The company developed the system under its HAICoLab AI utilization concept.

Yokohama Rubber announced it developed a proprietary AI tire mold design system. The system uses finite element method (FEM) simulations and the company’s AI technology and is designed to supplement staff knowledge and streamline mold design, it said.
It provides data on how mold design factors affect tire characteristics through virtual experiments.
According to Yokohama Rubber, the tire mold design system increases development speed. It also reduces costs and rework. The system helps teams analyze relationships between mold parameters and tire performance targets from multiple perspectives.
Tire Mold Design System Overview
The company developed the system under its HAICoLab AI utilization concept. Yokohama Rubber launched HAICoLab in October 2020 to improve development processes.
Mold design has a major impact on key tire characteristics. Achieving a full understanding of design-factor relationships has required trial production and follow-up evaluations. These steps are costly and time-consuming.
Previous approaches also relied on experienced staff. This reliance created differences in mold design accuracy and timelines based on individual experience.
HAICoLab stands for “Humans and AI Collaborate” for digital innovation. It also refers to a laboratory for joint research by humans and AI.
How the System Works
The system uses automated simulations and AI-based prediction and visualization.
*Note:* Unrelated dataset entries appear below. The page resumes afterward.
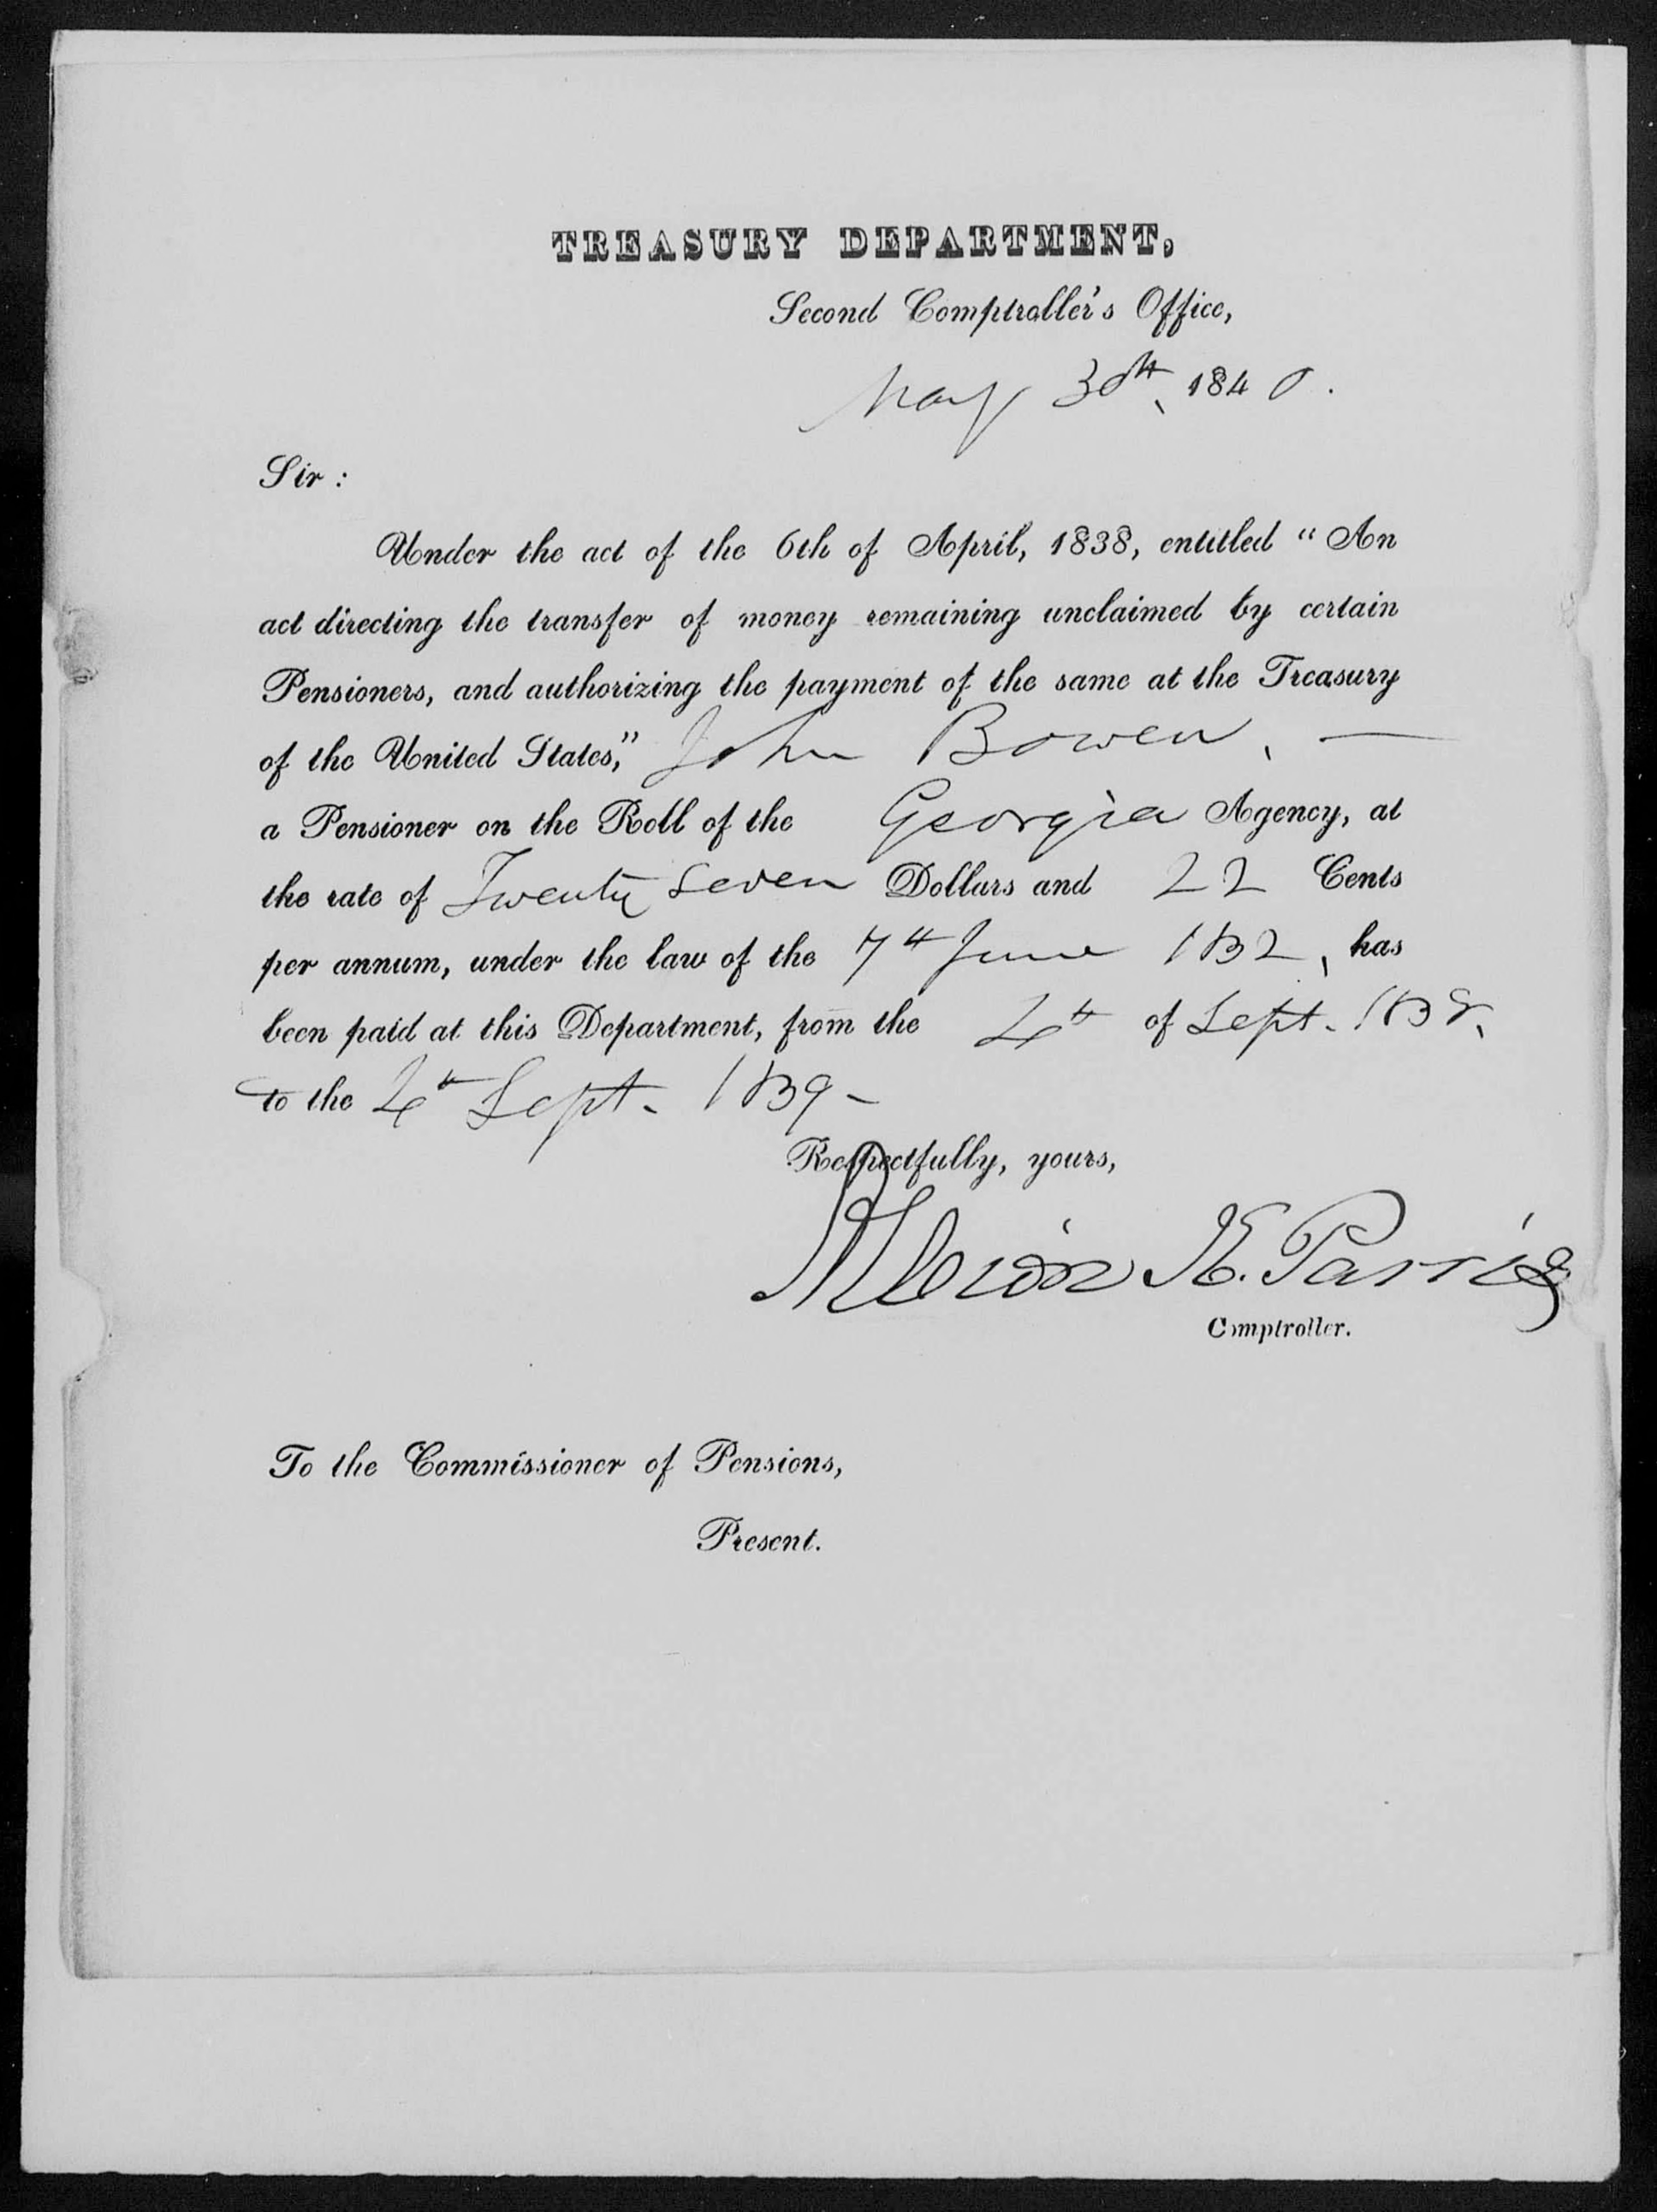TREASURY DEPARTMENT,
Second Comptroller's Office,
May 30th, 1840.

Sir:
Under the act of the 6th of April, 1838, entitled "An act directing the transfer of money remaining unclaimed by certain Pensioners, and authorizing the payment of the same at the Treasury of the United State," John Bowen, -- a Pensioner on the Roll of the Georgia Agency, at the rate of Twenty-seven Dollars and 22 Cents per annum, under the law of 7th June 1832, has been paid at this Department, from the 4th of Sept. 1839, to the 4th Sept. 1839.
Respectfully, yours,
Albion G. Parris
Comptroller.

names: John Bowen, Albion K Parris
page: 11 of 20
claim: survivor's
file: S. 32,124, John Bowen, Va.
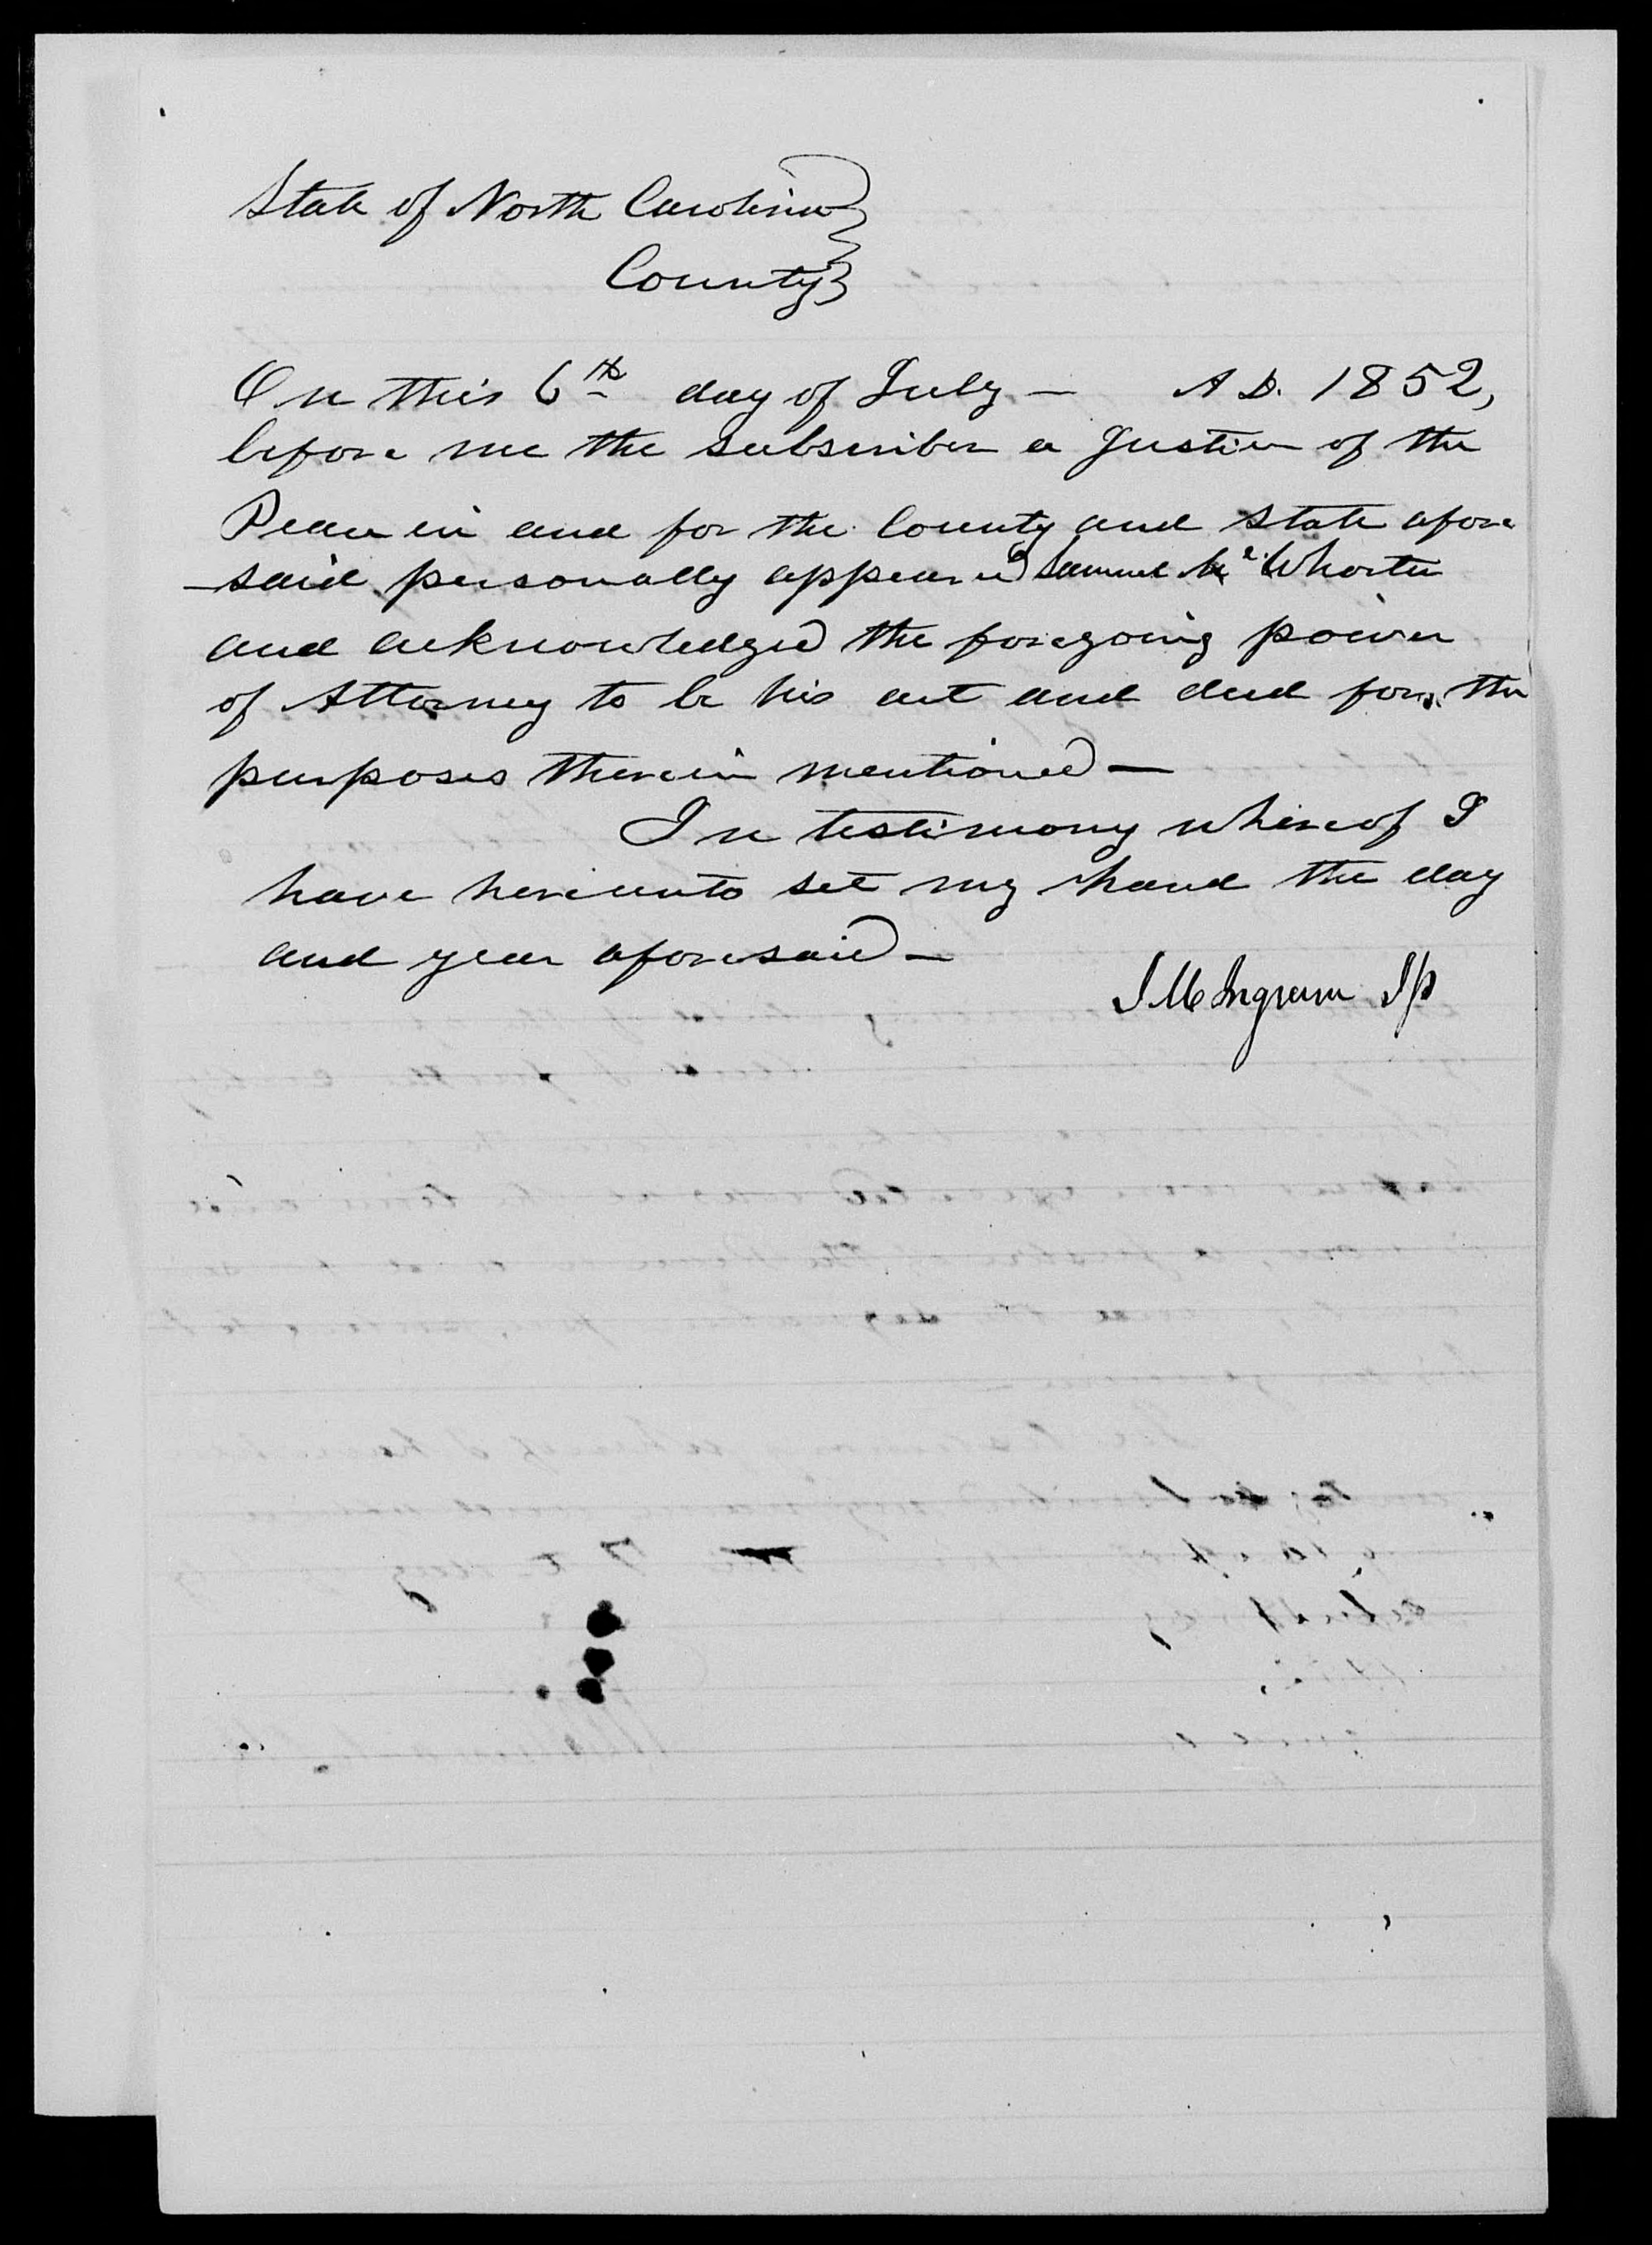State of North Carolina
County
On this 6th day of July AD 1852, before me the subscriber a Justice of the Peace in and for the county and state aforesaid personally appeared Samuel McWhorter and acknowledged the foregoing power of Attorney to be his act and  deed for the purposes therein mentioned.
In testimony whereof I have hereunto set my name the day and year aforesaid.
JM Ingram ( signed ) JP

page: 5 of 35
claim: survivor's
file: S. 9,011, for George Mc Whorter, North Carolina

It generates a large number of tire FEM models with different mold shapes. It then calculates tire characteristics in a virtual environment.
These calculation results serve as training data. The system builds an AI surrogate model to predict relationships between mold design factors and tire characteristics.
The system applies explainable AI methods. These include SHAP (SHapley Additive exPlanations) and PDP (Partial Dependence Plots). These tools allow development staff to visualize the impact of mold design factors. Staff can determine how much to adjust each factor to meet target characteristics.